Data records

* * *

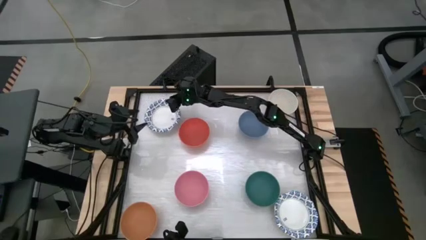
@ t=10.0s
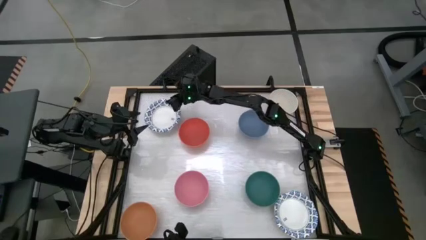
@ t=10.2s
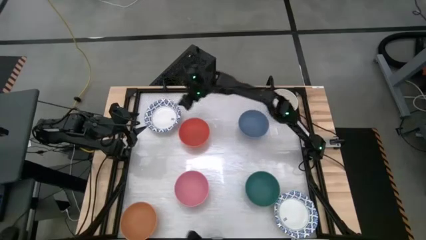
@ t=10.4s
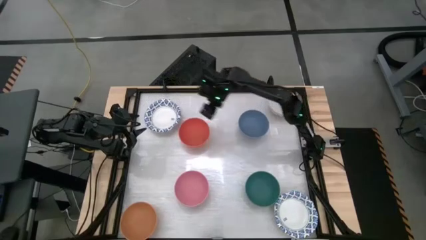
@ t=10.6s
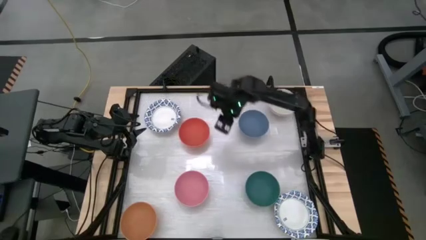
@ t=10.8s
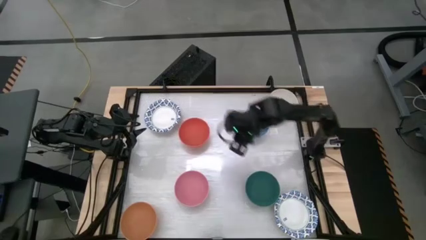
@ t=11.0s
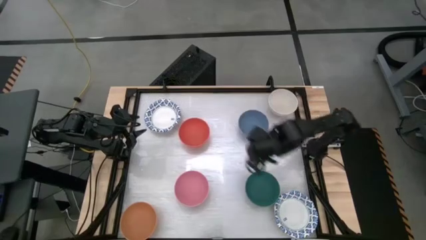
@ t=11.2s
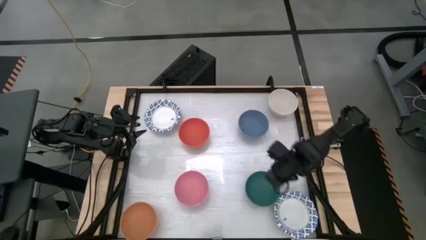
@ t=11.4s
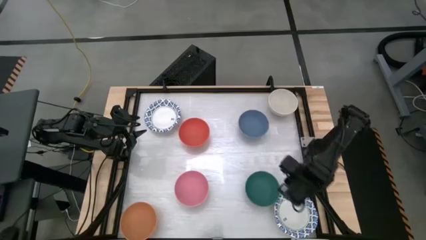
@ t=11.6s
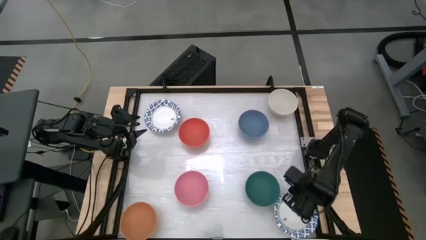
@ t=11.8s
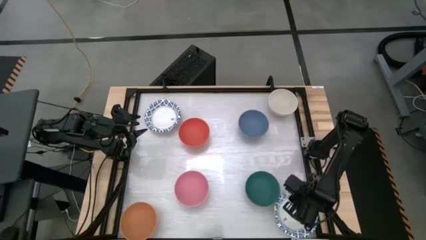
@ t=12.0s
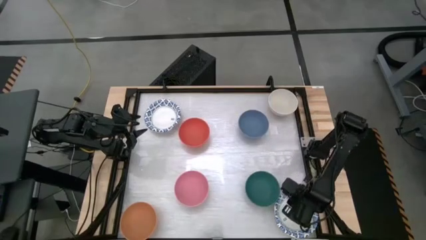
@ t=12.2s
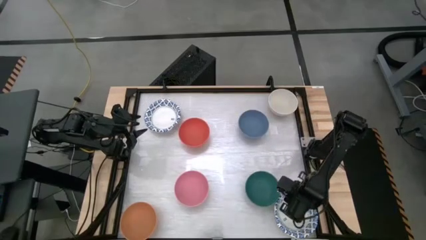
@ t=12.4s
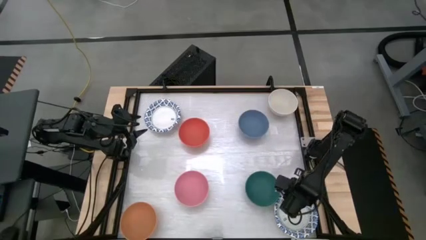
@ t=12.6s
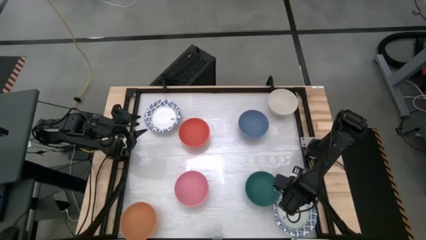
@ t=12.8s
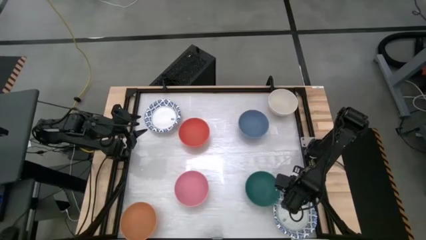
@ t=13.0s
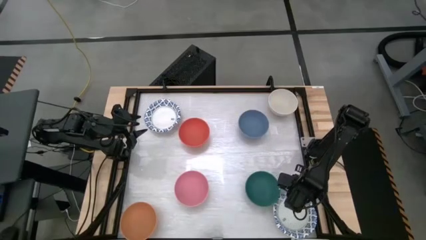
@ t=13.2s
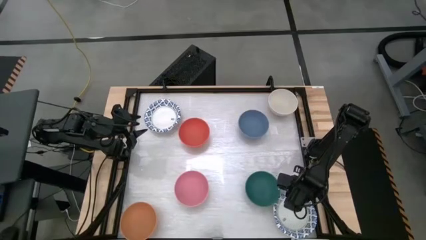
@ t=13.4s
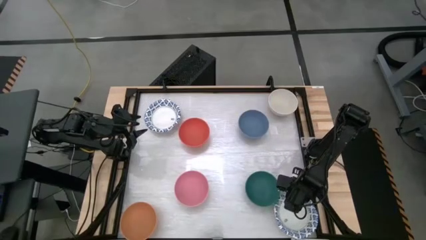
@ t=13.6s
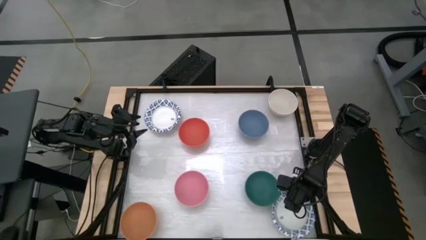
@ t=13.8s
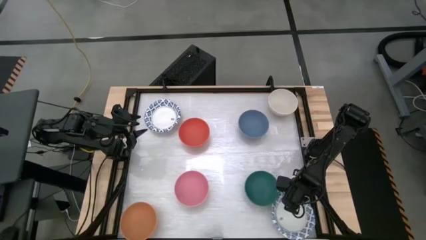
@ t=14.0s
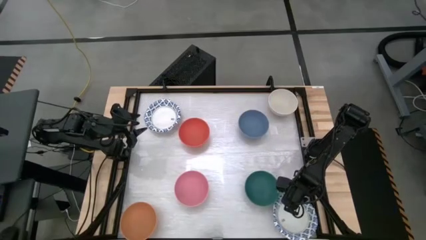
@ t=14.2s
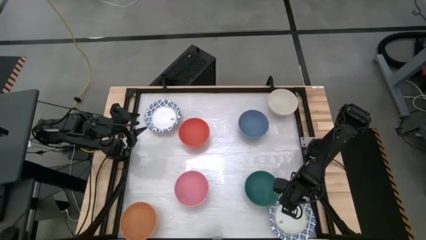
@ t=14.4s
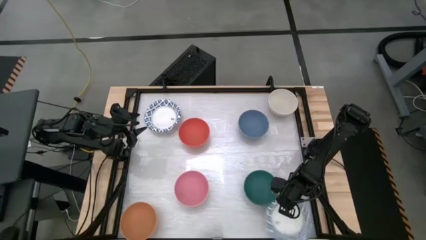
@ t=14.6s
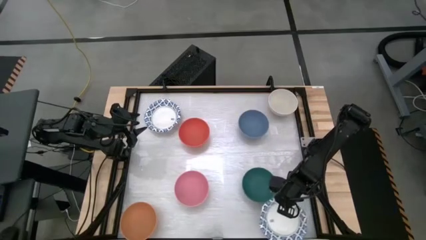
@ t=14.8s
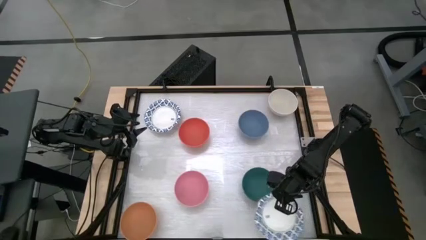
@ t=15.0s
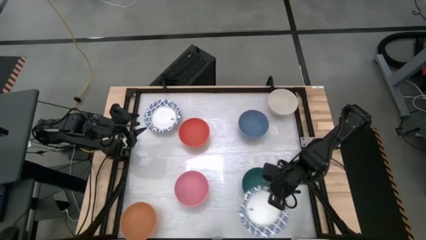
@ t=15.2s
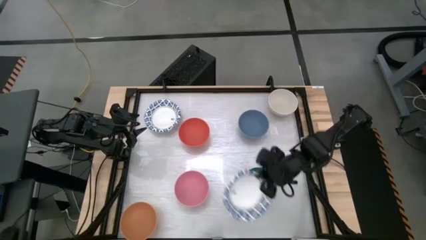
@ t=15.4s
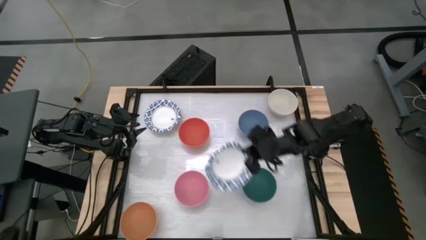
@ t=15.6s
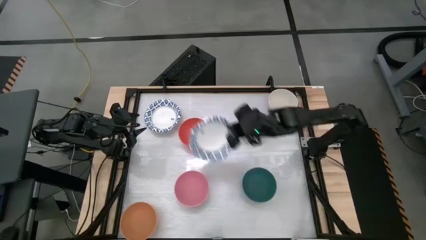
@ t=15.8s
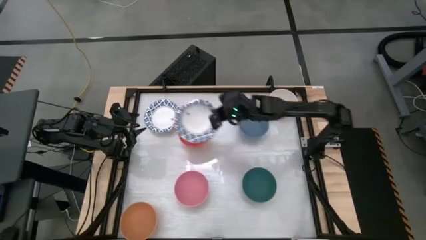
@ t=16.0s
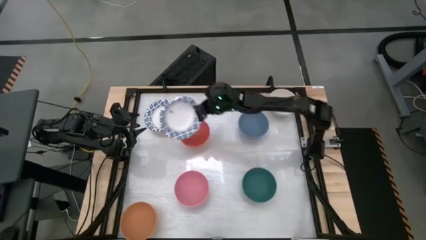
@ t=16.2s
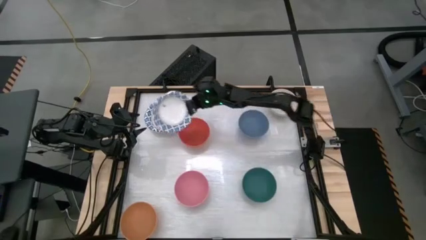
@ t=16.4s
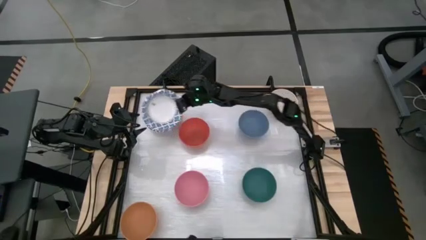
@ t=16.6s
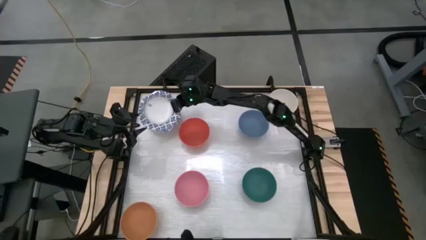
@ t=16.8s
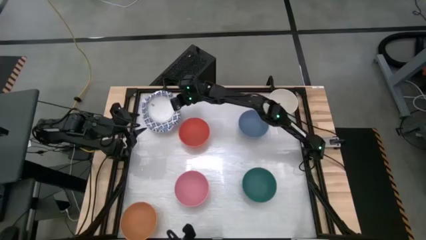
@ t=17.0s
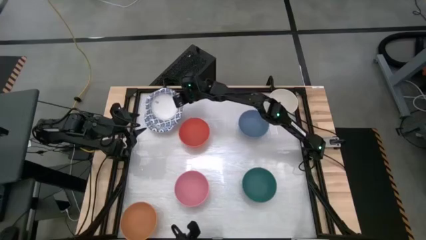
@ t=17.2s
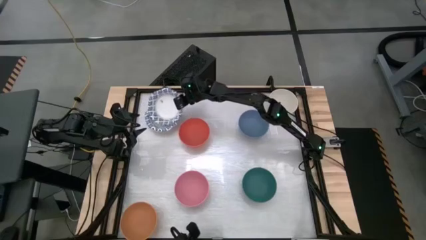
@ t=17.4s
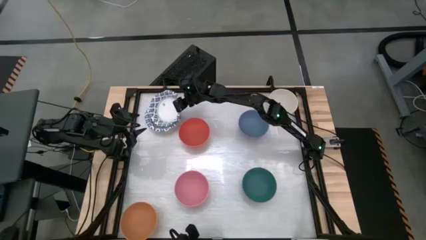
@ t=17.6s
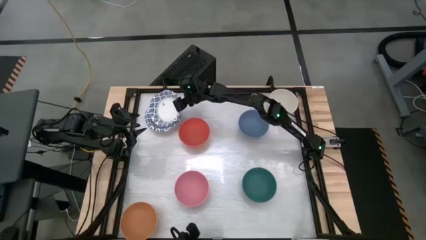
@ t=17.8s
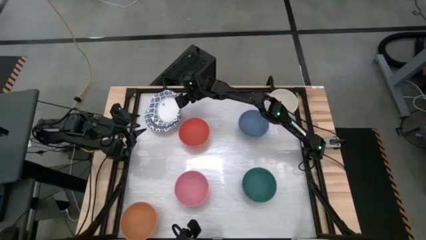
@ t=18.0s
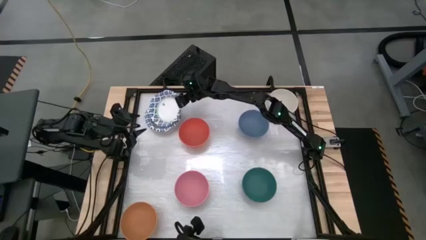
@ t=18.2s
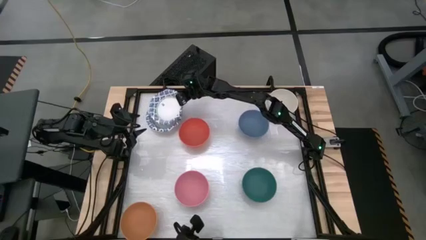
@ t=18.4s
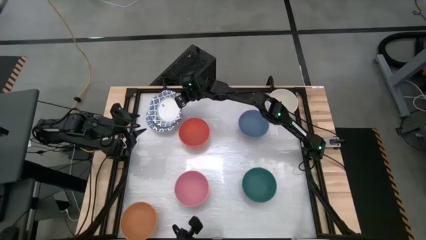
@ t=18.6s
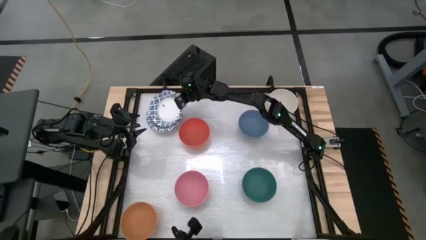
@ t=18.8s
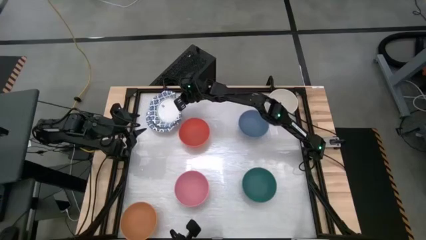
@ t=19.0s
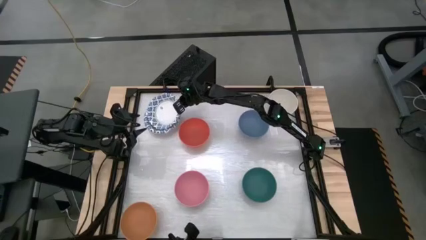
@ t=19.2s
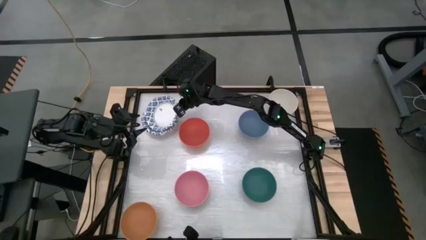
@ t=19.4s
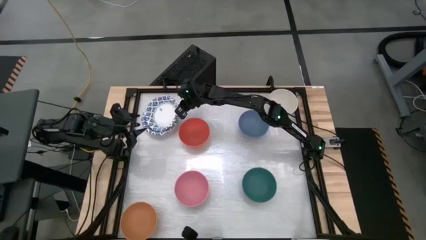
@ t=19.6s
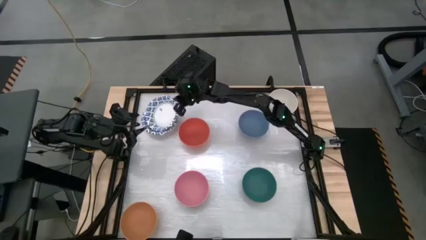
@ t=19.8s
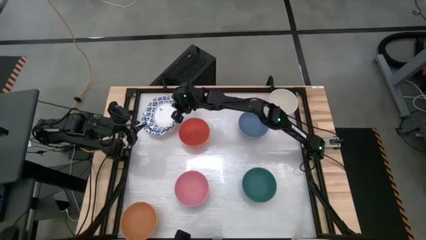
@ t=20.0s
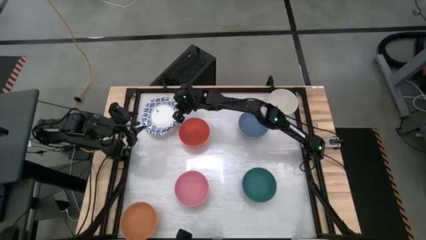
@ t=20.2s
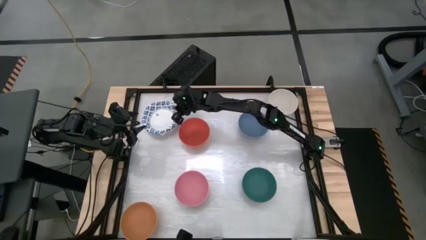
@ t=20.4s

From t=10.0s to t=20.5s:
Stack the white pattern bowl on top of the white pattern bowl

* * *

ACTIVITY
Repeat the entries verbatim; no pictures.

TASK ANSWER
@ t=10.0s
@ t=10.2s
@ t=10.4s
@ t=10.6s
@ t=10.8s
@ t=11.0s
@ t=11.2s
@ t=11.4s
@ t=11.6s
@ t=11.8s
@ t=12.0s
@ t=12.2s
@ t=12.4s
@ t=12.6s
@ t=12.8s
@ t=13.0s
@ t=13.2s
@ t=13.4s
@ t=13.6s
@ t=13.8s
@ t=14.0s
@ t=14.2s
@ t=14.4s
@ t=14.6s
@ t=14.8s
@ t=15.0s
@ t=15.2s
@ t=15.4s
@ t=15.6s
@ t=15.8s
@ t=16.0s
@ t=16.2s
@ t=16.4s
@ t=16.6s
@ t=16.8s
@ t=17.0s
@ t=17.2s
@ t=17.4s
@ t=17.6s
@ t=17.8s
@ t=18.0s
@ t=18.2s
@ t=18.4s
@ t=18.6s
@ t=18.8s
@ t=19.0s
@ t=19.2s
@ t=19.4s
@ t=19.6s
@ t=19.8s
@ t=20.0s
@ t=20.2s
@ t=20.4s

From t=10.0s to t=20.5s:
Stack the white pattern bowl on top of the white pattern bowl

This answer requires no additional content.